Frau Schönherz ist in Berlin aufgewachsen, ging dort zur Schule und machte zunächst eine Ausbildung zur Großhandelskauffrau für Bekleidungstextilien. Ab 1966 studierte sie drei Jahre lang an der Fernsehakademie in Adlershof und machte eine Ausbildung zur Ansage- und Fernsehmoderatorin mit Grundkenntnissen der Journalistik.
Mit dem Beginn des Farbfernsehens in Ostdeutschland im Oktober 1969 wurde sie DDR-weit bekannt.

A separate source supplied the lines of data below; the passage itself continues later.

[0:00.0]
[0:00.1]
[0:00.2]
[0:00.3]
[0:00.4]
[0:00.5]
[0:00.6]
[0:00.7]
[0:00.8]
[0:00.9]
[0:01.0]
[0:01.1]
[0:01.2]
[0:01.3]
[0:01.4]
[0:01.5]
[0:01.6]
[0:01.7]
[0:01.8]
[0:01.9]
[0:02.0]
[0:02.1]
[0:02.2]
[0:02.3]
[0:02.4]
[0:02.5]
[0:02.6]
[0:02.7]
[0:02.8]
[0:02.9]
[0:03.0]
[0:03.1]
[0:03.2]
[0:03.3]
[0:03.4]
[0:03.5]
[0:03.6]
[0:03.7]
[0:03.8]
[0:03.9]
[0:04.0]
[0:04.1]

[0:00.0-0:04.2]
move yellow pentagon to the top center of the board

Edda Schönherz gehörte keiner Partei an und stand den Verhältnissen in der DDR kritisch gegenüber. Während eines Urlaubsaufenthaltes in Budapest erkundigte sie sich im August 1974 in den Botschaften der Bundesrepublik und der Vereinigten Staaten nach einer Möglichkeit, die DDR zu verlassen. Da die Botschaften observiert wurden, wurde sie einige Tage später in Ungarn festgenommen, ohne dass man ihr strafbare Handlungen nachweisen konnte. Im September 1974 wurde Edda Schönherz zur „Klärung eines Sachverhalts“ in die Untersuchungshaftanstalt des Ministeriums für Staatssicherheit in Berlin-Lichtenberg gebracht und drei Tage später von dort nach Berlin-Hohenschönhausen verbracht. Im Dezember verurteilte man sie wegen „staatsfeindlicher Verbindungsaufnahme“ und „Vorbereitung eines ungesetzlichen Grenzübertritts in besonders schwerem Fall“ zu drei Jahren Zuchthaus. Sie kam in das berüchtigte Frauengefängnis Hoheneck in Stollberg/Erzgebirge.

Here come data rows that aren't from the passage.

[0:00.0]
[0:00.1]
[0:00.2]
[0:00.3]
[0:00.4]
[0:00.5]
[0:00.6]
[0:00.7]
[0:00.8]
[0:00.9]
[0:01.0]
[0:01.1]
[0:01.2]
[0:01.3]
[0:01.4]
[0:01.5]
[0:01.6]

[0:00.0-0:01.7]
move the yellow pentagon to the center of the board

Nach der Entlassung aus der Haft sollte Edda Schönherz im September 1977 als Hilfskraft in einer Großbäckerei arbeiten, andernfalls drohte man ihr weitere zweieinhalb Jahre Arbeitserziehungshaft an. Sie fand jedoch eine Anstellung als Fotografin bei der Katholischen Kirche in Berlin.

Da Frau Schönherz an dem Ausreiseantrag für sich und ihre Kinder Annette und René festhielt, konnte sie im Dezember 1979 in die Bundesrepublik Deutschland ausreisen.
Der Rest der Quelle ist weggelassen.